Y hablando de escuchar, esta semana escuché muchas bobadas sobre los toros. A ver, para aclarara las cosas: a mí los toros me gustan de la misma forma que me guta el brécol, la poesía de Dámaso Alonso o la música de Wágner: de un modo más bien desapasionado. Si dejase de cultivarse brécol, si los libros de Dámaso quedasen descatalogados, si Wagner no hubiese nacido o si los toros se prohibiesen, mi vida no sufriría ningún quebranto, como sí lo tendría si lo que se dejasen de cultivar patatas gallegas, si desapareciesen los poemas de Borges o si el nonato fuese Johan Sebastian Bach.

Aclarado esto, y yendo a lo que íbamos, he disfrutado muchas veces con el espectáculo de los toros - igual que ante una buena menestra de verduras - y he encontrado en él una belleza y una complejidad que me sorprendieron y que, desde luego, sé que no estoy en condiciones de captar en toda su extensión. El toreo es un arte, y como tal tien sus arcanos, sus reglas, sus misterios, que están vedados al profano. No vi en los tarinos pasión por el dolor ni por la sangre, sino amor por el espectáculo fastuoso de la lucha entre un hombre y una bestia, por la poesía de las suertes, el baile inicial de los caballos, los saltos ingrávidos de los banderilleros. Cualquiera que vaya a una plaza y que acuda quitándose los lentes negros que llevaba la reina Victoria Eugenia - que venía de un país donde hasta los niños cazaban zorros, pero no podía soportar un pelea con un bicho de quinientos kilos - encontrará en ella un baile fascinante.

Hablan del sufrimiento de un animal. No lo discute, pues es evidente que existe. Pero, ojo, no es pieza clave del disfrute. Los peores pitos en una plaza se los dedican a aquel que se ensaña con el bicho. Pero, si hablamos de sufrimientos, echen un vistazo a cualquier matadero y me podrán decir si no las pasa bastante más canutas un pollo o un cerdo que cualquier toro de lidia. Las langostas se retuercen durante hoas en una pelea final cosnigo mismas antes de agonizar en un caldero de agua hirviendo. Y, abundando en el dato, tampo creo yo que sea muy agradable morir asfixiado por un veneno, y nadie se cuestiona el derecho de todo hijo de vecino a usar insecticida. ¿Por qué va a ser más digno de respeto un toro que un mosquito, que un cerdo, que un bogavante? ¿Porque es más grande? ¿porque es más bello?
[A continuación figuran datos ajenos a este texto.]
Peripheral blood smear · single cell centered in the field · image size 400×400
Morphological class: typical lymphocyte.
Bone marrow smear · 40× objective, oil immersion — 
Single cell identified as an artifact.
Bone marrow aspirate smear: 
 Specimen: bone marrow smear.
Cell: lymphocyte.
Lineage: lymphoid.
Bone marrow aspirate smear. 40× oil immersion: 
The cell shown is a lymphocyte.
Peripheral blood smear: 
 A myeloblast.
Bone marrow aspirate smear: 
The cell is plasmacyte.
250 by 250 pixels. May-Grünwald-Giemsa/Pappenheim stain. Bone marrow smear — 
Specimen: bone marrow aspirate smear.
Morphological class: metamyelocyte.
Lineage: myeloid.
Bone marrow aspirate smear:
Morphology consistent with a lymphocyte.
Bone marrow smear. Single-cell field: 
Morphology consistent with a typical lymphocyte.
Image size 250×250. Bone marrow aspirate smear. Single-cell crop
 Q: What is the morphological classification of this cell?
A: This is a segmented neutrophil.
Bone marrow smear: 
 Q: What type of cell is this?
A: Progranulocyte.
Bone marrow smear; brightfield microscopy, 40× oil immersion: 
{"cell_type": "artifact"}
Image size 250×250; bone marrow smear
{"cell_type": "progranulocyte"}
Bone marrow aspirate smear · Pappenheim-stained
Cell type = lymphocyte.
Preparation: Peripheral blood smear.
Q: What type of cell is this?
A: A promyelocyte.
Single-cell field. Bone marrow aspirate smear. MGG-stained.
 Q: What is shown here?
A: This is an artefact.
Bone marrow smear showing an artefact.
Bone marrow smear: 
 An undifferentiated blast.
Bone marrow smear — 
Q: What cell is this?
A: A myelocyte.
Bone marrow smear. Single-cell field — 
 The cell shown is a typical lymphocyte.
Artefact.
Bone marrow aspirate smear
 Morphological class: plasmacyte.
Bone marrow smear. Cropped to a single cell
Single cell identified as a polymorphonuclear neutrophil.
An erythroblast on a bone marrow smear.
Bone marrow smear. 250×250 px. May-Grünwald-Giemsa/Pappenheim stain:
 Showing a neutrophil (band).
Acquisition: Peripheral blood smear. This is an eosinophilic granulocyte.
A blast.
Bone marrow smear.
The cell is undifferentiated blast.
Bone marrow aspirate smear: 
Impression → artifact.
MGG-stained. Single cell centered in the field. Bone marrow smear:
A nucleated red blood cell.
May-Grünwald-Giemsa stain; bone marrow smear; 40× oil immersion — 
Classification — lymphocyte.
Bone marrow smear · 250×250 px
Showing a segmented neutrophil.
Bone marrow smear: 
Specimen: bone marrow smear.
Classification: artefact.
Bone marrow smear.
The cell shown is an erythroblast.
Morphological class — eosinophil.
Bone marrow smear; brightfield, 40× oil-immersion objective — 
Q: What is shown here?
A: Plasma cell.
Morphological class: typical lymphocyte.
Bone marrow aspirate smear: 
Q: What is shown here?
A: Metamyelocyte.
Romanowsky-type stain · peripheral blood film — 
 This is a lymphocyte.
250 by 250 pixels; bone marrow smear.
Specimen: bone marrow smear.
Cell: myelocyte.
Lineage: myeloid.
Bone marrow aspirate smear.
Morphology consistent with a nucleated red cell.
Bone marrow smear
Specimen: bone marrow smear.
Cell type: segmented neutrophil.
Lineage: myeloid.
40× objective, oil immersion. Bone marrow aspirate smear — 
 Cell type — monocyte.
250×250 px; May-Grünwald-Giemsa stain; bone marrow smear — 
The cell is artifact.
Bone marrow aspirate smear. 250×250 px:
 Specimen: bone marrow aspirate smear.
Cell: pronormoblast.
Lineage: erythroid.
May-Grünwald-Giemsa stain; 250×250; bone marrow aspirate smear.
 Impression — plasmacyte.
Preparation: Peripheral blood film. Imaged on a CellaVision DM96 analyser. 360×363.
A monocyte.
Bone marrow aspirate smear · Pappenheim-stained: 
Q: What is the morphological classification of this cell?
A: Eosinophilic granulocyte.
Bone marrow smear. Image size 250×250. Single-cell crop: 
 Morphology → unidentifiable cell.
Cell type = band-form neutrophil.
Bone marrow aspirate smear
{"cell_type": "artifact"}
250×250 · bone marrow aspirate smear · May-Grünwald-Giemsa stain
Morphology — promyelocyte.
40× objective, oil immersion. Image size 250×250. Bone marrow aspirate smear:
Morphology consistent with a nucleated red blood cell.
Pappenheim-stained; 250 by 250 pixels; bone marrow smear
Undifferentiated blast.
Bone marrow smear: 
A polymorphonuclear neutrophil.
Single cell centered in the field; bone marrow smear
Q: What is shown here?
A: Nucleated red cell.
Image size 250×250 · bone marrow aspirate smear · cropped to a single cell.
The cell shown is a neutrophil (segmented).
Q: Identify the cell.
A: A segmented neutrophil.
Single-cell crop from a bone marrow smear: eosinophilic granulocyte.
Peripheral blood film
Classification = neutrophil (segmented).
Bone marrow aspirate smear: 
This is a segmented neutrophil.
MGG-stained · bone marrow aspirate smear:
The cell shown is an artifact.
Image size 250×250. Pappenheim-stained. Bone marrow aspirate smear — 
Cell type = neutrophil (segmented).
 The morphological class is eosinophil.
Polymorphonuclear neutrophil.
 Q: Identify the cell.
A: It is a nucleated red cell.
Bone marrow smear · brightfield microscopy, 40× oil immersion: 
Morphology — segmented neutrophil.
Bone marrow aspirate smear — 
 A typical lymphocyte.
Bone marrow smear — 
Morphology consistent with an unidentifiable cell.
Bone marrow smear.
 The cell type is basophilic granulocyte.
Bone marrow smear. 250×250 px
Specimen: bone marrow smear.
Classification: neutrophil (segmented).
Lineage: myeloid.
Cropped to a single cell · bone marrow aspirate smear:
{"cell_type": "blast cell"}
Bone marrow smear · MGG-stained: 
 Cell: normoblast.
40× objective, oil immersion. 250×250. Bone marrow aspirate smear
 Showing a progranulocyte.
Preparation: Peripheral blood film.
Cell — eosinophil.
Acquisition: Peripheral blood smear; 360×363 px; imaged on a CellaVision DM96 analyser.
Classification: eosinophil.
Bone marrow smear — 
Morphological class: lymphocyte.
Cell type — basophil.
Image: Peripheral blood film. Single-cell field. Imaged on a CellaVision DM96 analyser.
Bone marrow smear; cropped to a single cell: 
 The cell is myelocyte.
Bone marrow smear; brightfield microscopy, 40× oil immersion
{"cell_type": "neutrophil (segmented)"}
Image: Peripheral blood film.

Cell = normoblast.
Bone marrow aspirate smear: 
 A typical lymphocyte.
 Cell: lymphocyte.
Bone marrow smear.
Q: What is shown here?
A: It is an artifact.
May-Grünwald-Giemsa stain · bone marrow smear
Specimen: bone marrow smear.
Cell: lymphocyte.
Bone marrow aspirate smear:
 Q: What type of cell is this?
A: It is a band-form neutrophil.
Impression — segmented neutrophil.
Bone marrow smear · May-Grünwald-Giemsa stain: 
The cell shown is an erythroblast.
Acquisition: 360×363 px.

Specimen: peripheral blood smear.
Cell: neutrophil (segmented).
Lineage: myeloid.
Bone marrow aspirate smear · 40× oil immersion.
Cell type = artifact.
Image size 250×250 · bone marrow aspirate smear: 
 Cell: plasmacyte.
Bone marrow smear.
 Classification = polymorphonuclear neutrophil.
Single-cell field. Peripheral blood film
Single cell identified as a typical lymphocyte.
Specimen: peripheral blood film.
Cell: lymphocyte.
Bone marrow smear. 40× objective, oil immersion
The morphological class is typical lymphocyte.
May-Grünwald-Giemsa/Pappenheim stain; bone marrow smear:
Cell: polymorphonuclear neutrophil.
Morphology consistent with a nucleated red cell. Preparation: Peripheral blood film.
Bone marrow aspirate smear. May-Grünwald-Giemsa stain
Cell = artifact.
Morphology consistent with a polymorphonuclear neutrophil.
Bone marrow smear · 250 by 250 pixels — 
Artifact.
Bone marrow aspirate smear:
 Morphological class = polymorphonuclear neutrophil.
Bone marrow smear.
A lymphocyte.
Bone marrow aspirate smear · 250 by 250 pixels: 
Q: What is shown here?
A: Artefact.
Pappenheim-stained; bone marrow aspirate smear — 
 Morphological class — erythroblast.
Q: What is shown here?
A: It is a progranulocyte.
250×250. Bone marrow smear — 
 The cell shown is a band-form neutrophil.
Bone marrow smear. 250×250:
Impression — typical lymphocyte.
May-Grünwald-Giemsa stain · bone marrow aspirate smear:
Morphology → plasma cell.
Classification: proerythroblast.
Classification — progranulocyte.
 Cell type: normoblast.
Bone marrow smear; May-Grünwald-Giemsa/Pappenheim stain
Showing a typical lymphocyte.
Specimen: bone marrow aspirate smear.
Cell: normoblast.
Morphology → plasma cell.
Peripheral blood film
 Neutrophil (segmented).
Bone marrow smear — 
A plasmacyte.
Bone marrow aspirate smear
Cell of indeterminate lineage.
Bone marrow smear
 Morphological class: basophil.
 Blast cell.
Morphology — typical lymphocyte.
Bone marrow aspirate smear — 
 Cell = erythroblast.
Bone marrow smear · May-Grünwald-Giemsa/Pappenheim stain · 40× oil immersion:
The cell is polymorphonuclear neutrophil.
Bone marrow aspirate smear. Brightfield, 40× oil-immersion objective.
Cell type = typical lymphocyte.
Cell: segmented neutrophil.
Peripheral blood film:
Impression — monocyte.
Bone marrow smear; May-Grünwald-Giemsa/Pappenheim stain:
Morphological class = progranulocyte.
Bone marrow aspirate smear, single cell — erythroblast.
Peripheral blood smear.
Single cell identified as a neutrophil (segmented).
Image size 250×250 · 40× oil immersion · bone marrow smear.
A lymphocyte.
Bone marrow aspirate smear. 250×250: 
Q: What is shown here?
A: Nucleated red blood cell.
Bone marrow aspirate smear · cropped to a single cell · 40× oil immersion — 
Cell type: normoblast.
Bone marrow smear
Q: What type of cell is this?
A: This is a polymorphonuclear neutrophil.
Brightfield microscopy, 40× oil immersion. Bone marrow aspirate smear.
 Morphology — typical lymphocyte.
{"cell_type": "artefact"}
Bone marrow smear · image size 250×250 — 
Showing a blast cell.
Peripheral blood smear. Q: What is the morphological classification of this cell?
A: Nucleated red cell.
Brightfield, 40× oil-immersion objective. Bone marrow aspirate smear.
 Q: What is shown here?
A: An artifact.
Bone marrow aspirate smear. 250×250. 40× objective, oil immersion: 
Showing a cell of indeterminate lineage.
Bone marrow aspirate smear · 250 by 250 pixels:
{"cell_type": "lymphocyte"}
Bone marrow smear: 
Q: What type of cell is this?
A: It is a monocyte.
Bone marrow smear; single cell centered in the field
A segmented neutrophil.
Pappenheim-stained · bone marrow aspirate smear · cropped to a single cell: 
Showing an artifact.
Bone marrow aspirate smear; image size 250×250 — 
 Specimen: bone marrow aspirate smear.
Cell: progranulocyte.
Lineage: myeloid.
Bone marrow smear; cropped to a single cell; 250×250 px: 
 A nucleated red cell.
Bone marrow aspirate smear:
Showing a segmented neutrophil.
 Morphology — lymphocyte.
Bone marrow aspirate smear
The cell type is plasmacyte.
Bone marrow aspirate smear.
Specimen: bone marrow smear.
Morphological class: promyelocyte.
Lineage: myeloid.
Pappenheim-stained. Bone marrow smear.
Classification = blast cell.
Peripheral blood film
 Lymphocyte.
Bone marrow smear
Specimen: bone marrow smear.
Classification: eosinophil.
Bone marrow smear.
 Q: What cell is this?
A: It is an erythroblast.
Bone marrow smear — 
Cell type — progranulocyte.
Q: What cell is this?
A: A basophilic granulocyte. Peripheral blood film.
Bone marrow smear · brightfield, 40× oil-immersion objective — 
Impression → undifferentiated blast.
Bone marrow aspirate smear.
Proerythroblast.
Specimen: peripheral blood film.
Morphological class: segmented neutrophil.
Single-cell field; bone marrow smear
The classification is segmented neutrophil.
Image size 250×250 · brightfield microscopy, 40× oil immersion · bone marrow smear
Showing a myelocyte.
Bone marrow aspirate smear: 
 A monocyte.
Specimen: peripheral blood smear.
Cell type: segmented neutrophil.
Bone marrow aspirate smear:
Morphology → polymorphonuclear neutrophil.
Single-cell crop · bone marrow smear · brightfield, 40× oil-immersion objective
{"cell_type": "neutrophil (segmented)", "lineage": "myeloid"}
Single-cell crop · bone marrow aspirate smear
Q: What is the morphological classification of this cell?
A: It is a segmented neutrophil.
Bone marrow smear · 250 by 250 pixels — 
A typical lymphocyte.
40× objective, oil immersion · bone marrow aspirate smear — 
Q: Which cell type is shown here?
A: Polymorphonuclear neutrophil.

De todas formas, esta semana los antitaurinos han cavado su propia tumba con el argumentario utilizado ante el parlamento. Cuando se comparan los toros con la ablación del clítoris o el maltrato a las mujeres, ya está todo dicho. Y es que. por mucho que uno ame al género animal, lo que el común de los mortales no admite es que se les ponga al mismo nivel que a las personas. A mí la caza no me gusta - y es un acto bstante más cobarde que el toreo - pero si me viene un filósofo o un listillo a compararme a los cazadores con los skin heads que salen por la noche a abrirles la cabeza a los inmigrantes, ahí ya me planto.

Ahora, - por el puro placer de tocar las narices - esperanza aguirre ha declarado al toreo bien de interés cultural. El ministro Rubalcaba le ha pedido que no plitice la cuestión. Hombre, don Alfredo, las gilipolleces sobre el equilibrio entre ablación y toros las hemos escuchado en el Parlamento de una comunidad donde, por cierto, mandan los suyos. El asunto ya está politizado hasta las trancas. Deje usted a la señora Aguirre ponerle la puntilla, que eso se le da de miedo.